A hydroelectric dam holds back a lake of surface area 2.9×106 m^2 that has vertical sides below the water level. The water level in the lake is a height 150 m above the base of the dam. When the water passes through turbines at the base of the dam, its mechanical energy is converted into electrical energy with 90 % efficiency.
What volume of water must pass through the dam to produce an amount of electrical energy totalling 1000 kilowatt-hours of electrical energy?
What distance does the level of water in the lake fall when this much water passes through the dam?
2007-11-15 14:38:30 · 2 answers · asked by Anonymous in Science & Mathematics ➔ Physics
First note that 1000kWh is a meausre of energy - Joules
E = 1000 x 1000 x 3600 J
Since the efficiency is only 90%, we need E/0.9 to make sure we get enough.

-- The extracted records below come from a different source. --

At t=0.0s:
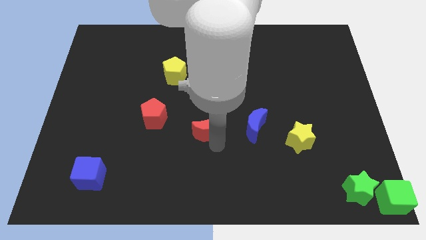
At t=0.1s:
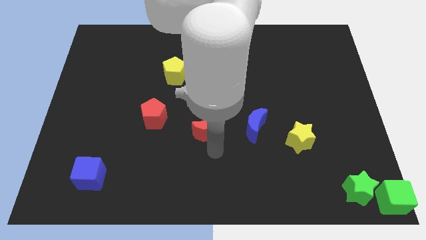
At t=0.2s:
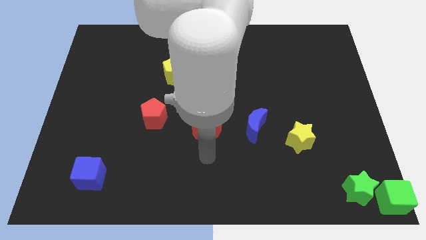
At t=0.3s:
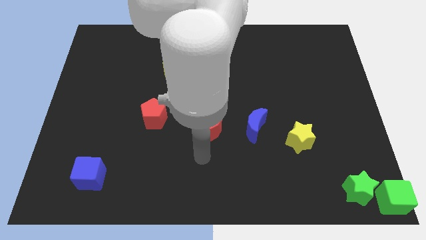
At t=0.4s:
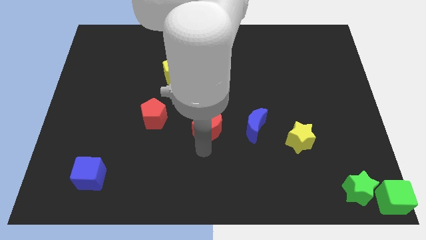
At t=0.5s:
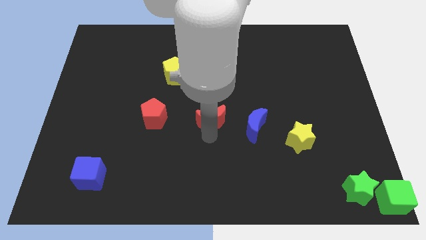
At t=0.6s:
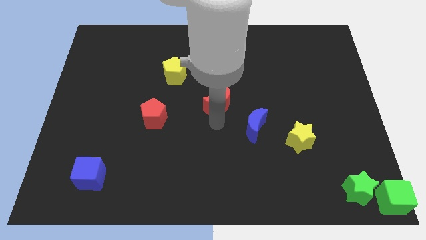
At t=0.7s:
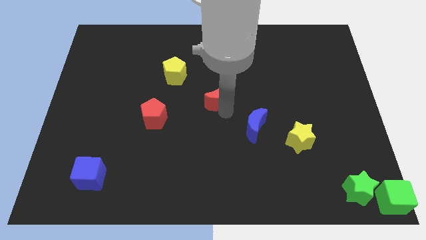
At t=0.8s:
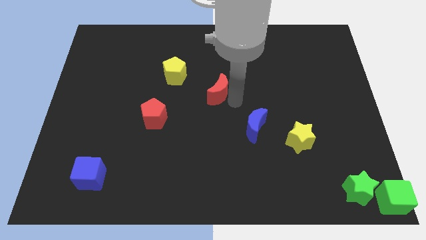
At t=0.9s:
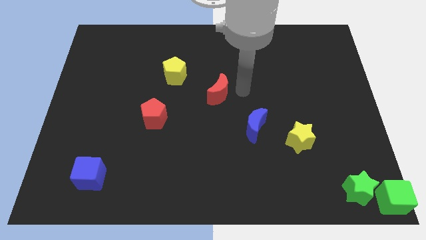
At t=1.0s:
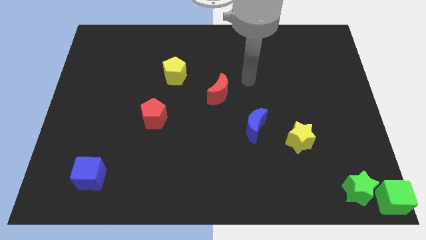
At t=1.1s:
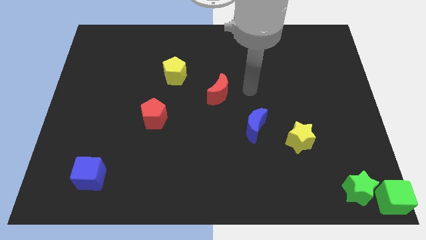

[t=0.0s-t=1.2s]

Now you can just assume any water that passes through the turbines started at the top, so the energy it initially had was all potential
so PE = mgh
where h =150.
So we need to determin the mass of water to make the equivalent E/0.9 J of energy
mgh = E/0.9
m = E/(0.9gh)
finally, since the volume is given by Area x t, and we note water has a density of 1000kg/m^3, we note
Area x t = m/density
solve for t...
2007-11-15 15:39:50 · answer #1 · answered by Anonymous · 0⤊ 0⤋
The potential energy of the water at that depth is, surprisingly, equal to mgh. So the amount of mass you need to move through the turbines to generate the energy required is computed from
(100 kW-h)(1000 W / kW)(3600 s / h) = (.90)(m)(9.8 m/s^2)(150 m)
1 kg of water has a volume of about .001 cubic meter. Use the mass from the previous part to find the volume, set that equal to h * surface area, and solve for h to see how much the water level drops.
2007-11-15 15:37:36 · answer #2 · answered by jgoulden 7 · 0⤊ 0⤋